The Trans-Pacific Partnership sets up private “corporate courts,” with few rules, that are only open for multinational companies to sue countries. Nearly all the winnings in these "corporate courts" go to the world’s biggest corporations and richest people—and most of the rest goes to the lawyers who work in these tribunals, according to a new study.
Investor-state dispute settlement (ISDS) is the official name of these corporate courts, which have been included in trade and investment treaties for more than 20 years. A history of bizarre decisions and outrageous payouts has convinced many countries to reject the system. Now two researchers have analyzed the rulings of those courts. It turns out that most of the wins, and 95% of the money awarded, went to the world’s biggest corporations and to individuals worth more than $100 million. They won more than $8.5 billion in the cases studied. Small companies and even not-quite-super-rich people almost never used ISDS courts—and usually lost when they did.
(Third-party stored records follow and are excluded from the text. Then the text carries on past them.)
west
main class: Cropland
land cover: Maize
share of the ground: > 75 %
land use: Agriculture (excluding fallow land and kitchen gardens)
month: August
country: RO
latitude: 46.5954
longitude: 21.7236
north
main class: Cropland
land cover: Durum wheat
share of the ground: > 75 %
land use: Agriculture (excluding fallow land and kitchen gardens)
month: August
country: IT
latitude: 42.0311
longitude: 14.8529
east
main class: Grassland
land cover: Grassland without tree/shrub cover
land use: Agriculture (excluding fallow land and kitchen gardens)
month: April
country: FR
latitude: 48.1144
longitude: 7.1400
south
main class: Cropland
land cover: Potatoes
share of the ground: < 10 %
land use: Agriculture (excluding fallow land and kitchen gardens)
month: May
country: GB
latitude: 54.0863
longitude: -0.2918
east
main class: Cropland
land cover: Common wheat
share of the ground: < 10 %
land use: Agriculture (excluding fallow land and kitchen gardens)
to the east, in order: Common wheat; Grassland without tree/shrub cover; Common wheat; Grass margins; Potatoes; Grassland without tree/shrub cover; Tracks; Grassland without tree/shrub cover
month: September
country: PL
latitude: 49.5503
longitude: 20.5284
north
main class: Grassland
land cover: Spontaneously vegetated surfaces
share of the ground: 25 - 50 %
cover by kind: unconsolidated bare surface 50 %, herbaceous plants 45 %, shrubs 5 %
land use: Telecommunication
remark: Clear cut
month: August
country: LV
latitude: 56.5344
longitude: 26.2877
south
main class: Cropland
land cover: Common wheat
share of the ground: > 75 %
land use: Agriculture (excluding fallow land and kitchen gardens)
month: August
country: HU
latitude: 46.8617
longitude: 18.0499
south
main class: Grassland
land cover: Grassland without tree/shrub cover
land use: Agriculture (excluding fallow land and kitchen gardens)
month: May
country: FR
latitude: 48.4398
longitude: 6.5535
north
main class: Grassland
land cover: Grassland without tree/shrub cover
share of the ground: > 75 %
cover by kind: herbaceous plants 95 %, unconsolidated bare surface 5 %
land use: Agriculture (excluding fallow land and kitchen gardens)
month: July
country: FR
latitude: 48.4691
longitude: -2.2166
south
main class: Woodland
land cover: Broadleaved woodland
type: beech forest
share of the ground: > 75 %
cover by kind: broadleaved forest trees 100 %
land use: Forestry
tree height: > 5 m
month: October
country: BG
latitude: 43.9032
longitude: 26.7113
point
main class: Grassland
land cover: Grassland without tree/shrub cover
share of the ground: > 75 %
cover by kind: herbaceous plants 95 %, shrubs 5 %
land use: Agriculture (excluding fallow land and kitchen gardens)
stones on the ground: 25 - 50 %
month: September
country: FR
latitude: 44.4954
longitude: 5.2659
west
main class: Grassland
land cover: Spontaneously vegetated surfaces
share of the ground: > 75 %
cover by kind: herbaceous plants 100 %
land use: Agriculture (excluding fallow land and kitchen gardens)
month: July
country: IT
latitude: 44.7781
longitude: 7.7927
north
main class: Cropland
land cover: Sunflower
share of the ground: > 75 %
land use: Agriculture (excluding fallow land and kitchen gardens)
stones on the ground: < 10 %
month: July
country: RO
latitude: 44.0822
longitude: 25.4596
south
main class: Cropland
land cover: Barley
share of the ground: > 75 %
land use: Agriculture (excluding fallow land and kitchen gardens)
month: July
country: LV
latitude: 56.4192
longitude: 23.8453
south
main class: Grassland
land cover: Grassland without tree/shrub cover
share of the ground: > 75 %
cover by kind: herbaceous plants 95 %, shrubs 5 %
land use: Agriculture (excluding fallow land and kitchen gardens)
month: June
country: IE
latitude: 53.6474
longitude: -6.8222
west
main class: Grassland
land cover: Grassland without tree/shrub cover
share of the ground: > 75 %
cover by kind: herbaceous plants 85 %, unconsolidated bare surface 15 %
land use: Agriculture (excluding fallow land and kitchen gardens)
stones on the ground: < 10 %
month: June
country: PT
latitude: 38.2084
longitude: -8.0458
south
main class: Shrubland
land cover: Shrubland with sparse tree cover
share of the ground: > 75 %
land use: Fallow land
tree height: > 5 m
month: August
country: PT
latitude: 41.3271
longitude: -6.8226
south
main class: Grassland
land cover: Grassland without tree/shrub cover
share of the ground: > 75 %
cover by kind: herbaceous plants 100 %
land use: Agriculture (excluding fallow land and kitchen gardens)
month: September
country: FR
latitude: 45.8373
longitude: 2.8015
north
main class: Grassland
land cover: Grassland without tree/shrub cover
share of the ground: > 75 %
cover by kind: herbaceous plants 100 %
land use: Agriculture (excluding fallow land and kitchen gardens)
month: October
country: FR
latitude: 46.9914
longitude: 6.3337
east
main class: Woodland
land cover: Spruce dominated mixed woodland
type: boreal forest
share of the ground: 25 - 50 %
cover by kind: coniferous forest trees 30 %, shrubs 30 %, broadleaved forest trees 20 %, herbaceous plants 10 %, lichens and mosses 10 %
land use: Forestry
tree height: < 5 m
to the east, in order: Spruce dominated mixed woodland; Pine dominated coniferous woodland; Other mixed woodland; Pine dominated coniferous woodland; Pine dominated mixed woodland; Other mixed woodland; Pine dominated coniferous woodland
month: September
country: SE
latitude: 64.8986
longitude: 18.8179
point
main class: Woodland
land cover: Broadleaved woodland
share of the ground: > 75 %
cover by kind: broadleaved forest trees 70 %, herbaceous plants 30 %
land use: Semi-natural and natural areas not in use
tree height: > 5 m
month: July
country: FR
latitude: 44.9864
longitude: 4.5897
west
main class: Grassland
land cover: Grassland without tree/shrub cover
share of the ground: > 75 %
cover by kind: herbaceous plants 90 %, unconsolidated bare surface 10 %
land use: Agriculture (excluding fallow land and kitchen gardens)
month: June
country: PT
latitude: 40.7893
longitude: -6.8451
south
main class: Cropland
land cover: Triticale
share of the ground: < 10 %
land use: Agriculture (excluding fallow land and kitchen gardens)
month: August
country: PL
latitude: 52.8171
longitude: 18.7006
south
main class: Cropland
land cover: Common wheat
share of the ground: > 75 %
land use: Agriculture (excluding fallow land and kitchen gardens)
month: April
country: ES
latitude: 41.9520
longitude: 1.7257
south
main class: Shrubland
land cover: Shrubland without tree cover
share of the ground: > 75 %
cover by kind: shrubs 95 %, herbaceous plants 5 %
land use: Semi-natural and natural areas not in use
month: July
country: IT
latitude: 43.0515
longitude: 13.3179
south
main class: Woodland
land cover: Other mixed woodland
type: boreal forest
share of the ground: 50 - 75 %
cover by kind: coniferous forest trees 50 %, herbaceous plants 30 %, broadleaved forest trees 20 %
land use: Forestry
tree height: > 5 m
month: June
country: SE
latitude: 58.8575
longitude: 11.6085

The big winners are oil and gas companies, international banks and the people who own them, and the very small group of lawyers and judges who work on these cases and collect hundreds of millions of dollars in legal fees. The big losers, of course, are the working people who think they have the right to decide the laws in their own countries and have them judged in their own courts, and find they have to pay out billions of dollars instead.
TPP supporters say that ISDS is a way of protecting “investors” from governments that might abuse them. It turns out a look at the cases shows that the investors are who we need to be protected from.